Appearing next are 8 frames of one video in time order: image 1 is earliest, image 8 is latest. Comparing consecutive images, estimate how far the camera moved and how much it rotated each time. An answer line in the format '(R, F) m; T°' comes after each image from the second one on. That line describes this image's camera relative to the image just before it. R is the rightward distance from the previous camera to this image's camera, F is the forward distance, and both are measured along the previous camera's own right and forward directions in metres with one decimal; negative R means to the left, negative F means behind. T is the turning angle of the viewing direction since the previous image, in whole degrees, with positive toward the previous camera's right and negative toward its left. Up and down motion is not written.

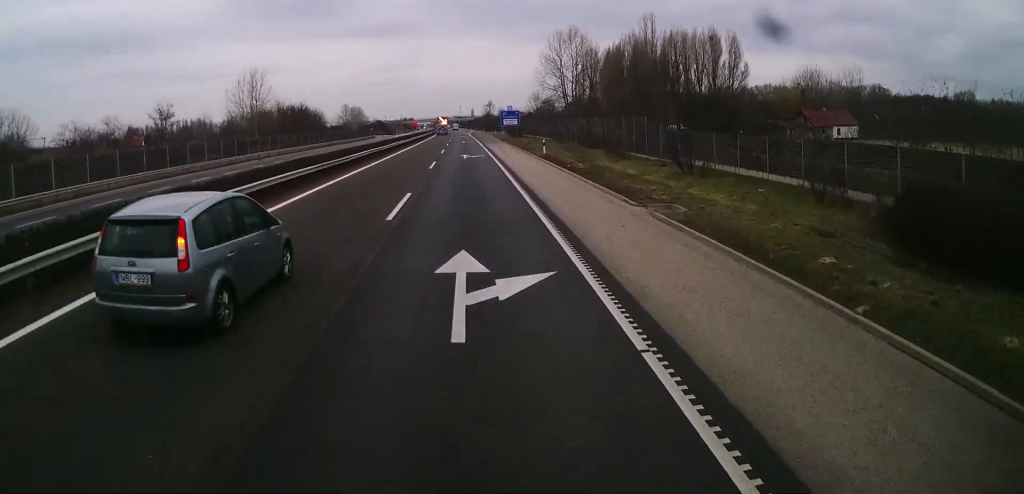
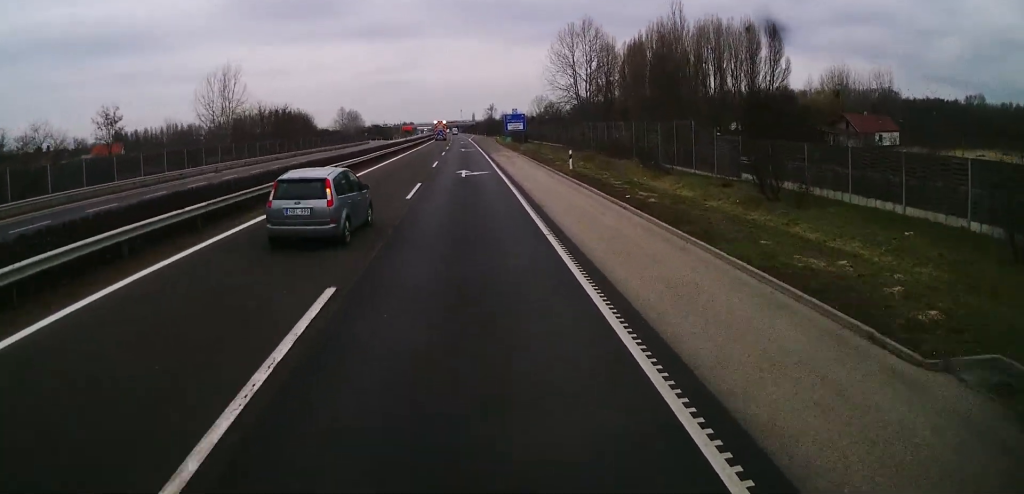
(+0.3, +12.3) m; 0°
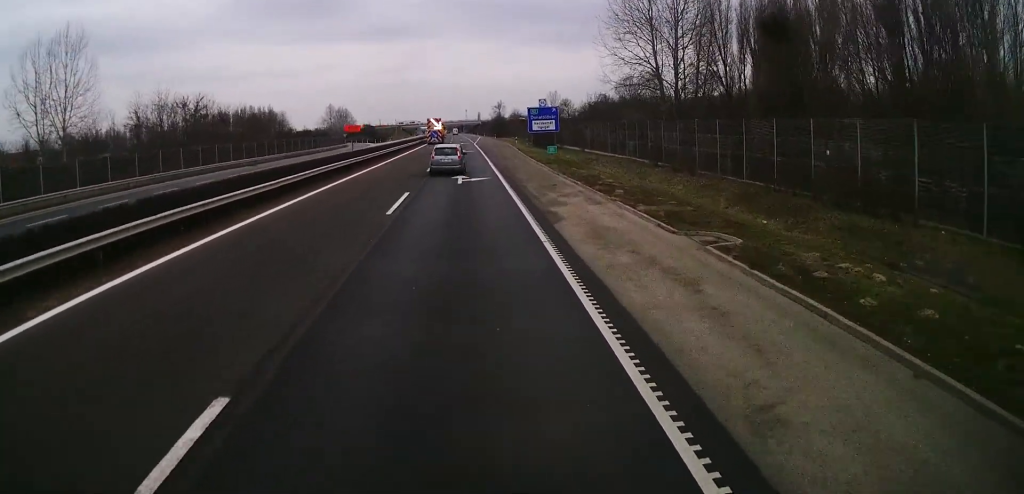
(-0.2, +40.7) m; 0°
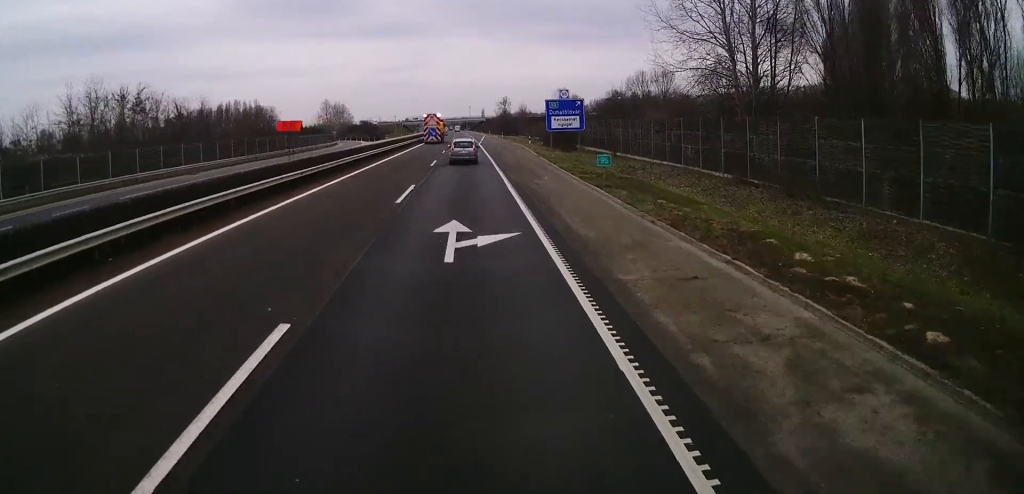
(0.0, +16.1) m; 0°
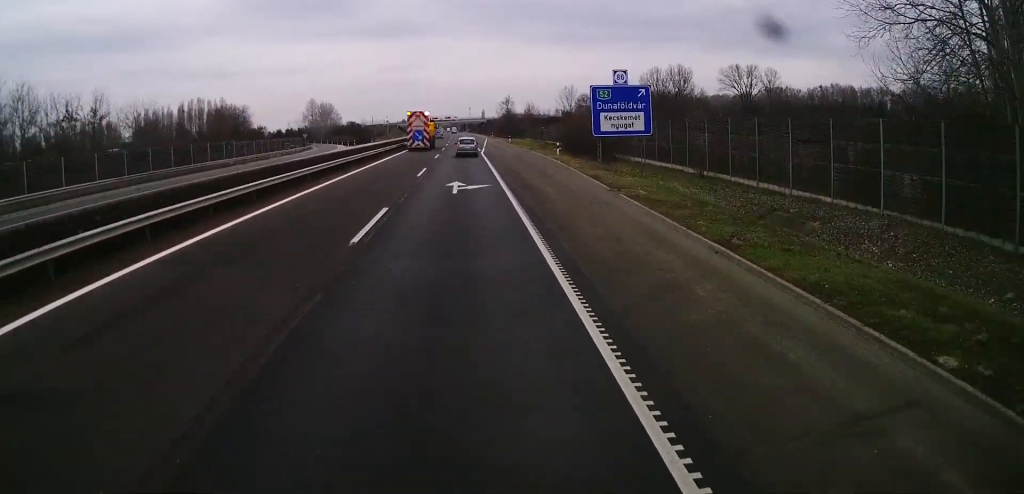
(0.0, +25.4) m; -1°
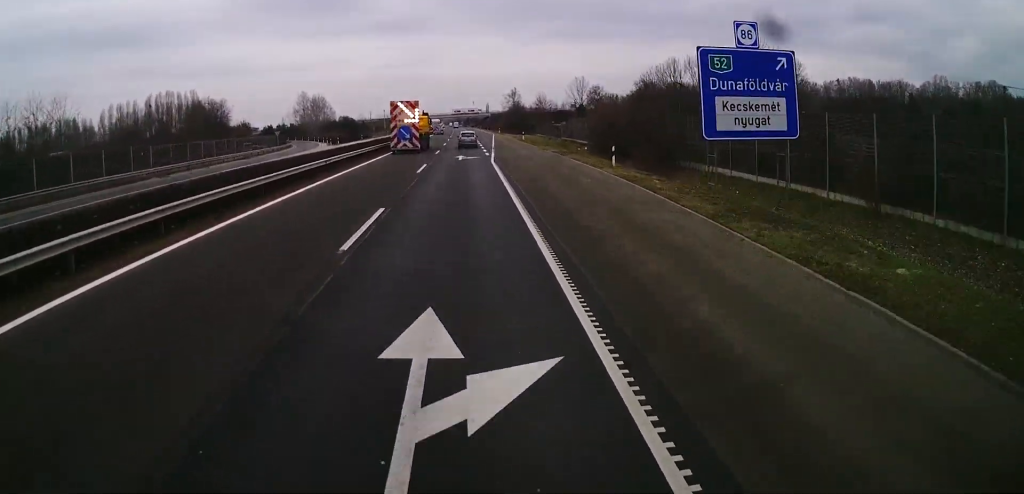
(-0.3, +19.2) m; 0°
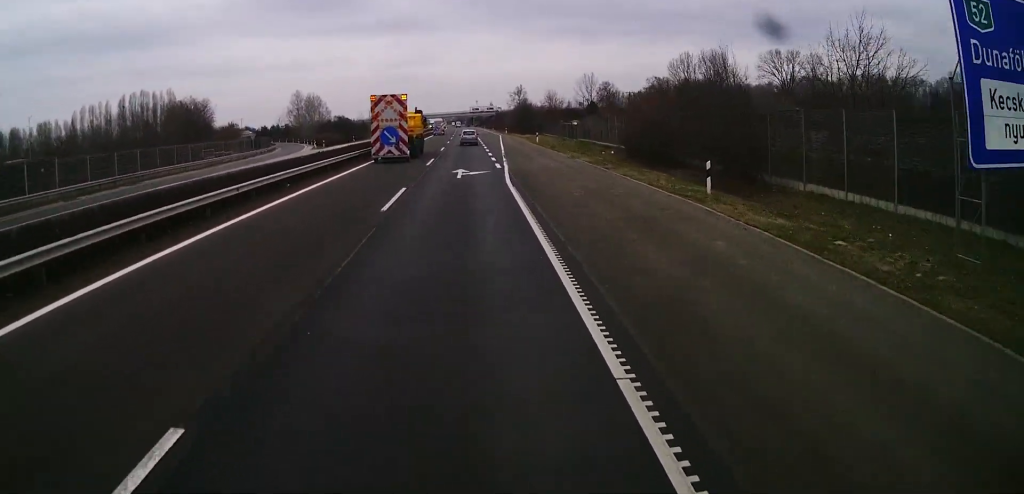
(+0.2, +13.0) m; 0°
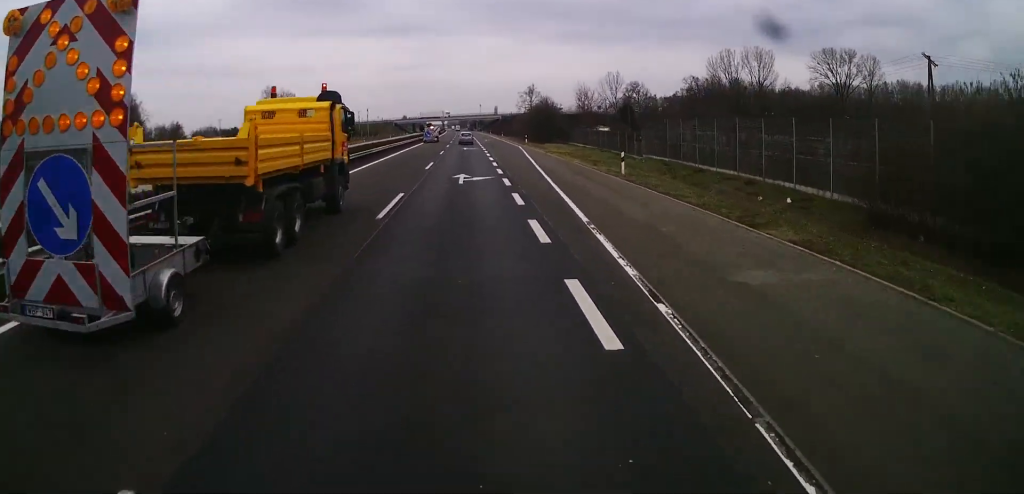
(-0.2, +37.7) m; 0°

:: Work instruction ::
Copy the records exactly. Skip any pictures.

:: Answer to the exercise ::
Appearing next are 8 frames of one video in time order: image 1 is earliest, image 8 is latest. Comparing consecutive images, estimate how far the camera moved and how much it rotated each time. An answer line in the format '(R, F) m; T°' comes after each image from the second one on. That line describes this image's camera relative to the image just before it. R is the rightward distance from the previous camera to this image's camera, F is the forward distance, and both are measured along the previous camera's own right and forward directions in metres with one decimal; negative R means to the left, negative F means behind. T is the turning angle of the viewing direction since the previous image, in whole degrees, with positive toward the previous camera's right and negative toward its left. Up and down motion is not written.

(+0.3, +12.3) m; 0°
(-0.2, +40.7) m; 0°
(0.0, +16.1) m; 0°
(0.0, +25.4) m; -1°
(-0.3, +19.2) m; 0°
(+0.2, +13.0) m; 0°
(-0.2, +37.7) m; 0°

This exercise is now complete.